Tout d’abord, si le sondage CROP-La Presse de juin 2005 reflétait bien la réalité et que « 88 % des Québécois appuyaient l’idée qu’une femme dirige le Québec » (Radio-Canada, 2005), le système des acteurs doit « reconnaître les causes sociopolitiques » des iniquités fondées sur le genre (p. 245) [1]. Cette reconnaissance implique « d’éliminer les fausses dichotomies » entre les hommes et les femmes – pourtant exacerbées par les médias –, et seule une mobilisation sociale peut contrecarrer l’influence notable qu’ils exercent [2]. Pour y parvenir, le système des acteurs doit mieux expliciter la complémentarité de la personnalité de Pauline Marois, c’est-à-dire entreprendre « une éducation politique » sur les rapports de sexe où le principe de base est que « le privé est politique » (Ibid.) [3]. Certains diront qu’ils jugeront l’arbre à ses fruits, or bien que pragmatique, j’avance que la dynamique structurelle des rapports de force transcende les acteurs et les aveuglent au point où ils ne peuvent pas reconnaître ce qu’ils ne s’autorisent pas à voir.

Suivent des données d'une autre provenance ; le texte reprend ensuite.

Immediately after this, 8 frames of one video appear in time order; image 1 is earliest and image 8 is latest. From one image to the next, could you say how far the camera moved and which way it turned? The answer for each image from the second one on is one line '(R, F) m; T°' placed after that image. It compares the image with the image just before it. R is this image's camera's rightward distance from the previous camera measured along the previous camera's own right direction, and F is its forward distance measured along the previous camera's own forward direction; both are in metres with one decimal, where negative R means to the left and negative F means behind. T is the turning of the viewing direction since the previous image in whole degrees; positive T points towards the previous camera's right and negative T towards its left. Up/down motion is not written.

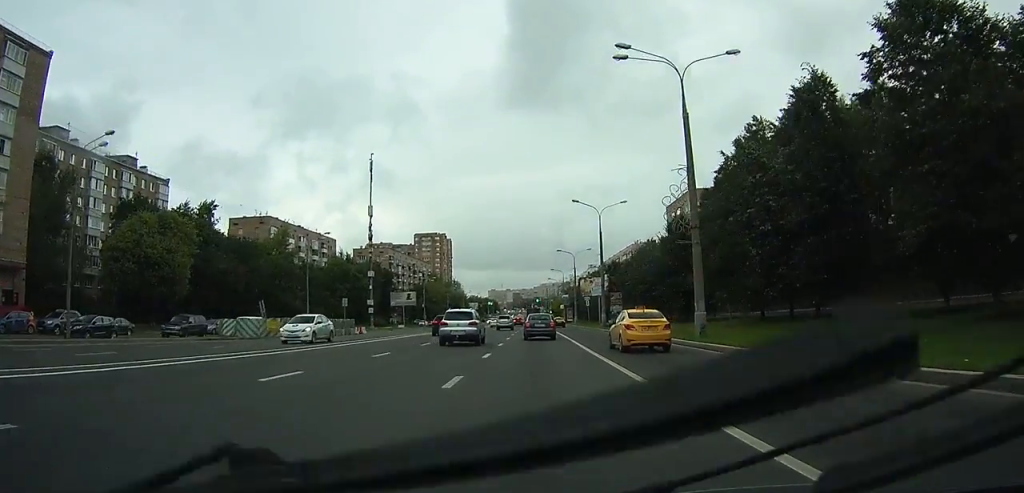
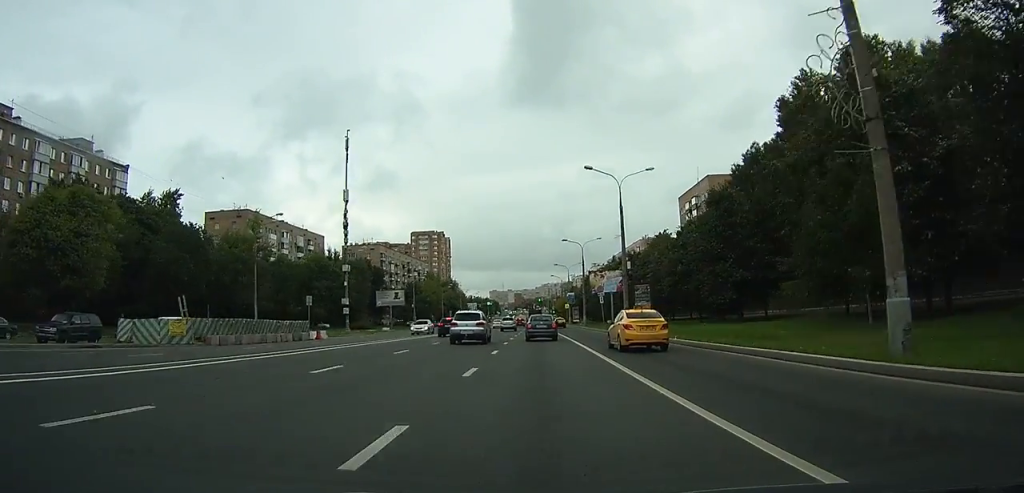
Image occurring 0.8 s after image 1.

Ceci revient à dire que la transformation sociale doit amener les acteurs à « renommer les expériences de vie et les situations psychosociales » (Ibid.) afin qu’ils reconnaissent et questionnent le sexisme dans le champ social multirelationnel [4]. Pour les soutenir, la dialectique des rapports de sexe permet de postuler que les acteurs reconnaitront les traits traditionnellement « féminins » de Pauline Marois tels que « la coopération, la collaboration, le partage, la sensibilité, l’écoute » (Préjean, 1994, p. 47). Le dialogue pourra alors susciter des questionnements à l’égard de la subordination voir la négation des traits dits « masculins » de sa personnalité dans le discours public [5]. L’objectif étant d’amener les sujets-acteurs sociaux à dépasser le carcan de l’idéologie patriarcale promue subrepticement par les médias de masse.

Au demeurant, la démarche vers le XVIe Congrès national en avril 2011 offre de belles opportunités pour la société québécoise de se distancer de l’historicité des rapports de sexe. À cet égard, souhaitons qu’une éventuelle mobilisation populaire saisisse l’importance de « valoriser les processus autant que [les résultats] », car seule cette approche permettra de « reconceptualiser le pouvoir », en l’occurrence son leadership, non pas « comme un moyen de domination, mais plutôt comme une prise en charge de l’action » (p. 246). Le Québec n’a pas besoin d’un sauveur, il possède amplement les capacités de se définir et d’agir avec les collectivités. Les défis sont certes nombreux pour Pauline Marois si elle ne veut pas être victime du « plafond de verre », mais à l’instar d’autres discriminations fondées sur le genre comme l’hétérosexisme et l’hétéronormativité, seule une mobilisation large et concertée des acteurs sociaux pourra permettre à la valeur fondamentale que représente l’égalité entre les femmes et les hommes au Québec d’être un principe juridique incarné dans l’espace sociopolitique. Tout compte fait, seule cette garantie favorisera l’expression d’une saine vie démocratique où tous pourront aspirer, en fonction de leurs compétences, à guider l’action collective.